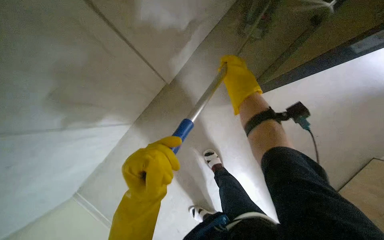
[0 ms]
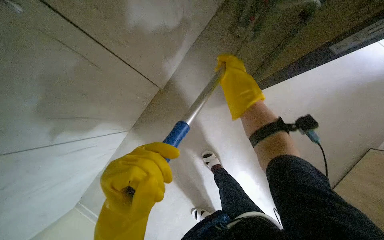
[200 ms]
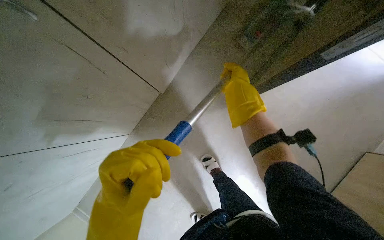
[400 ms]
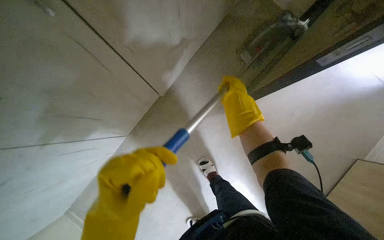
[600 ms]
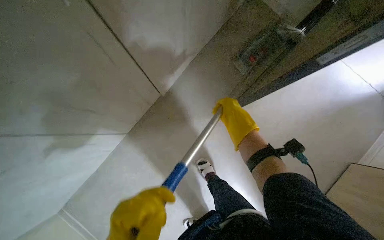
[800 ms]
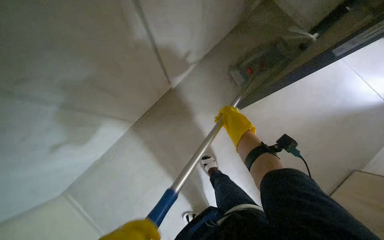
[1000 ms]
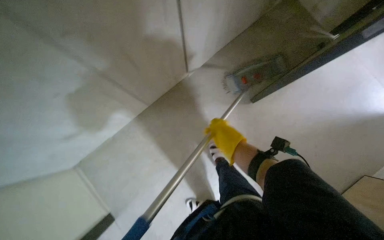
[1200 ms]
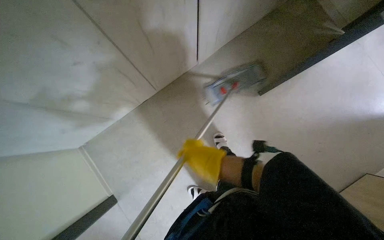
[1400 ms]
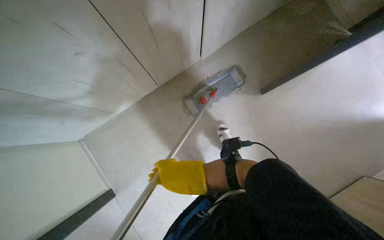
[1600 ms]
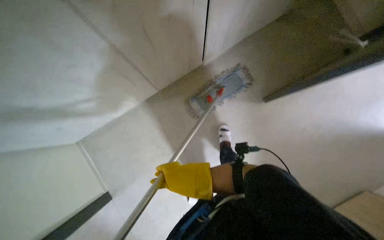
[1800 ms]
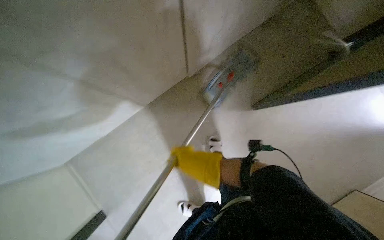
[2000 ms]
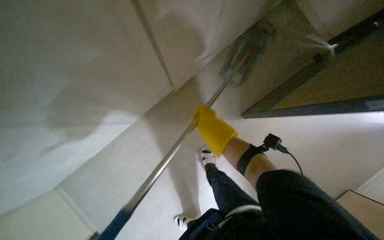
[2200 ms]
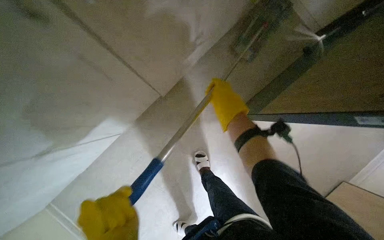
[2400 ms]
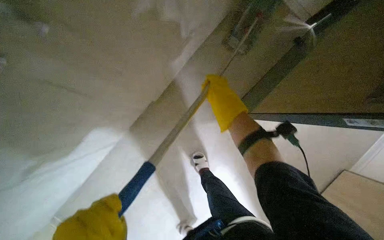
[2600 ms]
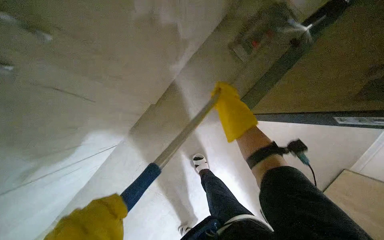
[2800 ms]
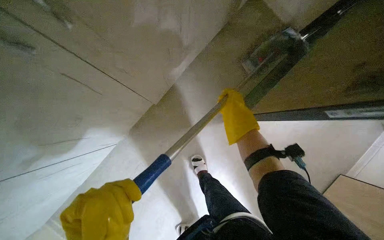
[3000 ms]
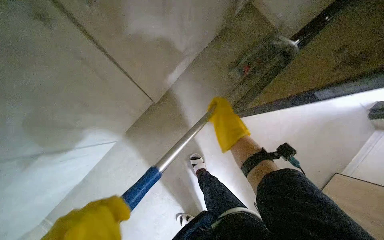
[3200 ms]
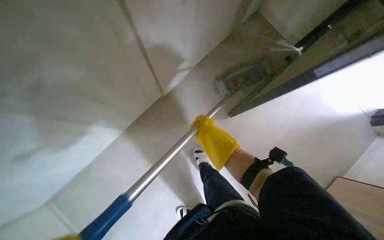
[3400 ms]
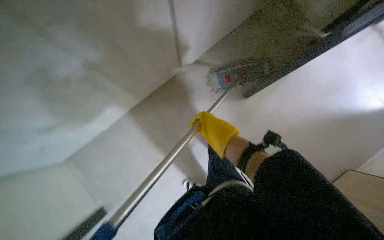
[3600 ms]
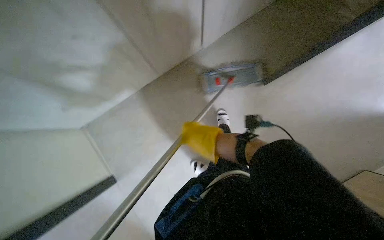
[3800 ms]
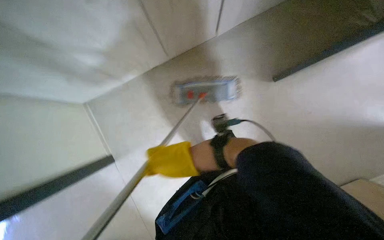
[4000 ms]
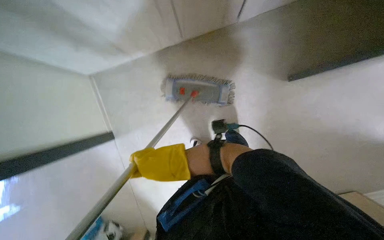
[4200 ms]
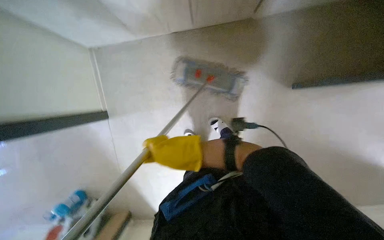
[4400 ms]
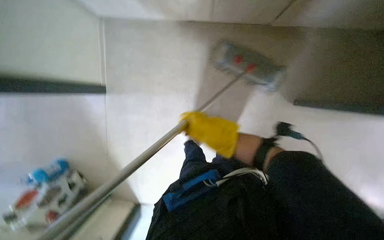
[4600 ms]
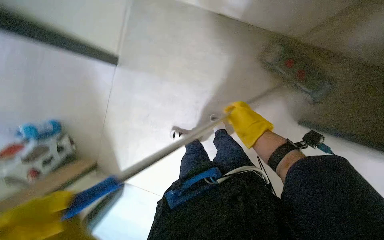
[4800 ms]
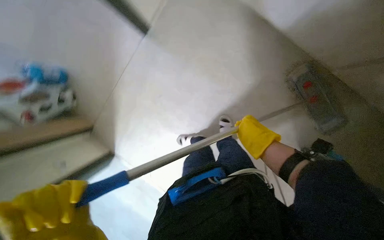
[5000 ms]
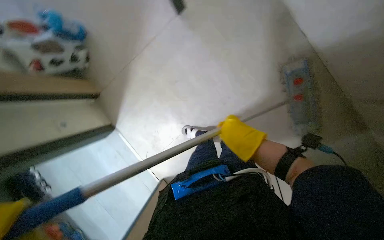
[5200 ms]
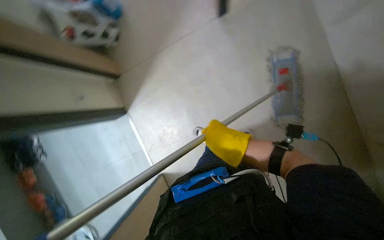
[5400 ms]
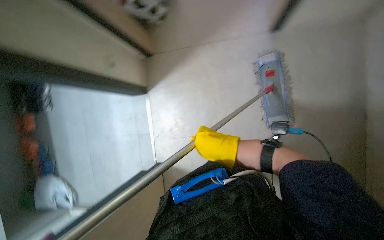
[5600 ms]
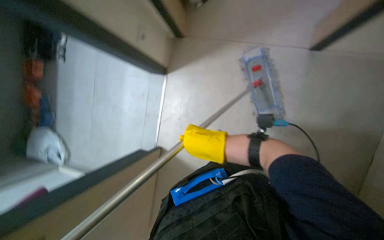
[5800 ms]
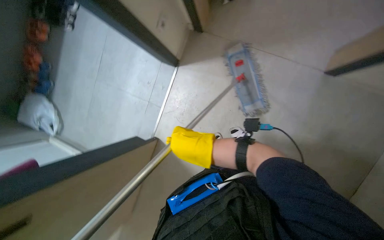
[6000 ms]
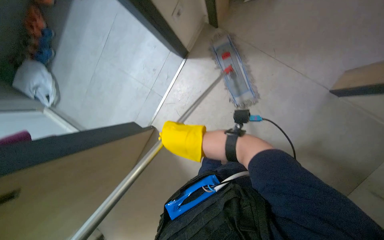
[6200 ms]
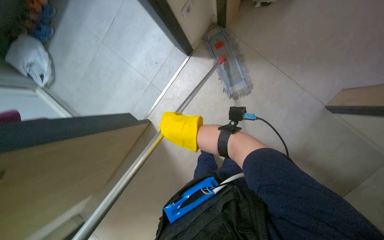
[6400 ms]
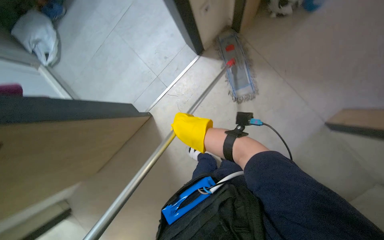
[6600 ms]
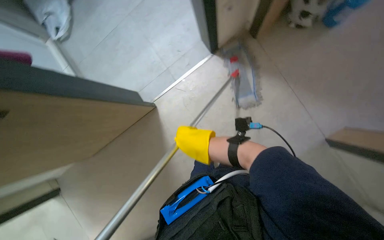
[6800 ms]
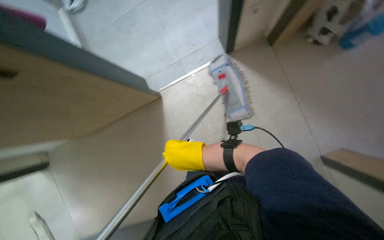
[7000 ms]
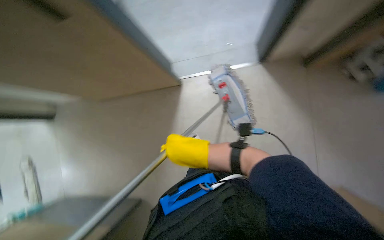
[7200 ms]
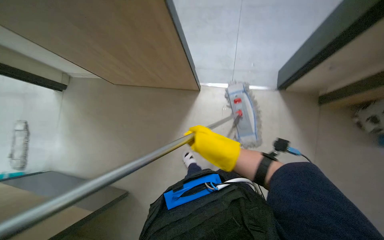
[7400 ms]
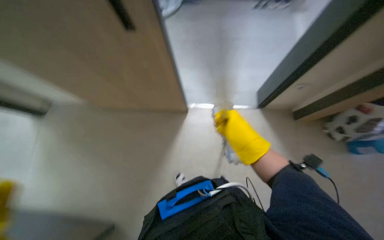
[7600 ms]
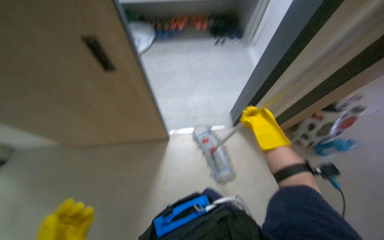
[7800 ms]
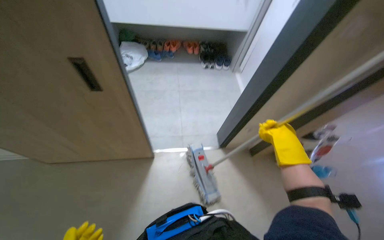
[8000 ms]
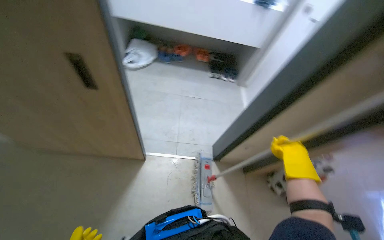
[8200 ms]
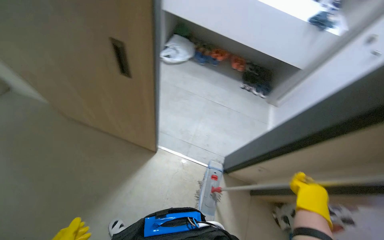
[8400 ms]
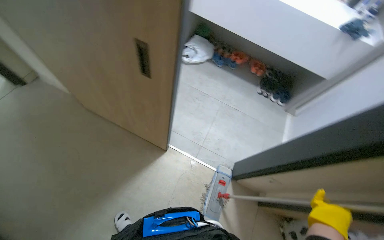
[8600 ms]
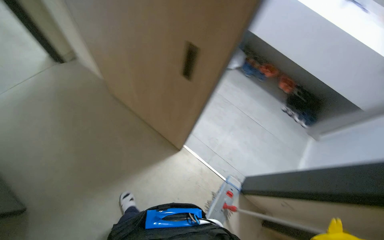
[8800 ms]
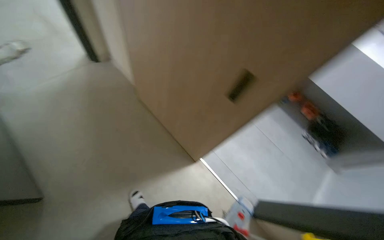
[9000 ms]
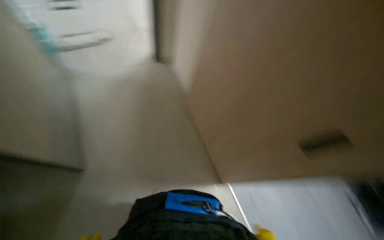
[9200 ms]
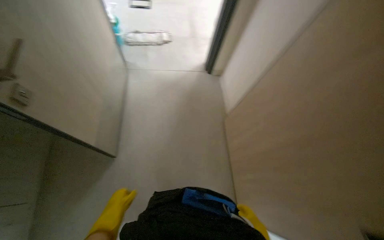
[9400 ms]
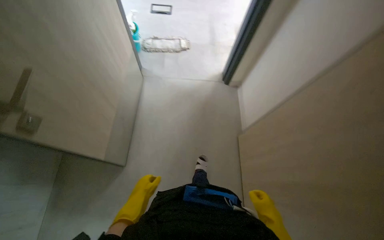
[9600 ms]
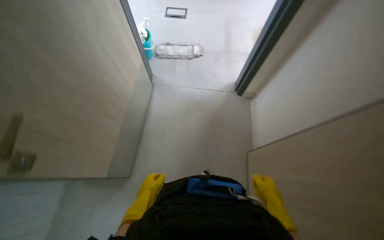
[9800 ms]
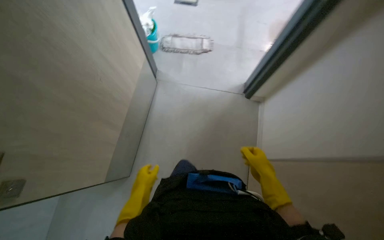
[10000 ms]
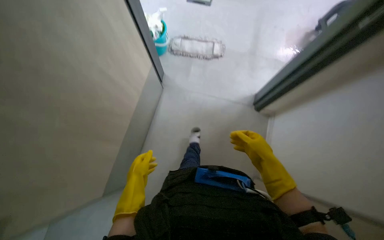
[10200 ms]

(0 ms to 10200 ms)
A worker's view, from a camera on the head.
Job: mopping floor.
The whole recording: Mopping apartment floor. The worker mops the apartment floor with a flat mop, changing the mop head as needed.
0 ms - 1400 ms: The right hand shifts about 20 cm down the picture and to the left.
1400 ms - 3000 ms: The right hand shifts roughly 30 cm up the picture, to the right and farther from the camera.
3000 ms - 4400 ms: The wearer looks approximately 10 degrees further downward. The right hand goes approximately 35 cm down the picture, nearer to the camera and to the left.
4400 ms - 5800 ms: The camera is carried roughly 50 cm. Everything in view rotates approximately 75 degrees clockwise.
5800 ms - 7200 ms: The scene turns approximately 35 degrees clockwise in the picture.
7200 ms - 8800 ms: The camera pitches upward, by roughly 30 degrees. The scene turns about 45 degrees clockwise in the picture.
8800 ms - 10200 ms: The camera is carried approximately 60 cm. The wearer looks some 60 degrees further to the left.

● Exercise details:
Retype everything in the material word for word, minus pictures.

● Result for this task:
[0 ms]
[200 ms]
[400 ms]
[600 ms]
[800 ms]
[1000 ms]
[1200 ms]
[1400 ms]
[1600 ms]
[1800 ms]
[2000 ms]
[2200 ms]
[2400 ms]
[2600 ms]
[2800 ms]
[3000 ms]
[3200 ms]
[3400 ms]
[3600 ms]
[3800 ms]
[4000 ms]
[4200 ms]
[4400 ms]
[4600 ms]
[4800 ms]
[5000 ms]
[5200 ms]
[5400 ms]
[5600 ms]
[5800 ms]
[6000 ms]
[6200 ms]
[6400 ms]
[6600 ms]
[6800 ms]
[7000 ms]
[7200 ms]
[7400 ms]
[7600 ms]
[7800 ms]
[8000 ms]
[8200 ms]
[8400 ms]
[8600 ms]
[8800 ms]
[9000 ms]
[9200 ms]
[9400 ms]
[9600 ms]
[9800 ms]
[10000 ms]
[10200 ms]

(0 ms to 10200 ms)
A worker's view, from a camera on the head.
Job: mopping floor.
The whole recording: Mopping apartment floor. The worker mops the apartment floor with a flat mop, changing the mop head as needed.
0 ms - 1400 ms: The right hand shifts about 20 cm down the picture and to the left.
1400 ms - 3000 ms: The right hand shifts roughly 30 cm up the picture, to the right and farther from the camera.
3000 ms - 4400 ms: The wearer looks approximately 10 degrees further downward. The right hand goes approximately 35 cm down the picture, nearer to the camera and to the left.
4400 ms - 5800 ms: The camera is carried roughly 50 cm. Everything in view rotates approximately 75 degrees clockwise.
5800 ms - 7200 ms: The scene turns approximately 35 degrees clockwise in the picture.
7200 ms - 8800 ms: The camera pitches upward, by roughly 30 degrees. The scene turns about 45 degrees clockwise in the picture.
8800 ms - 10200 ms: The camera is carried approximately 60 cm. The wearer looks some 60 degrees further to the left.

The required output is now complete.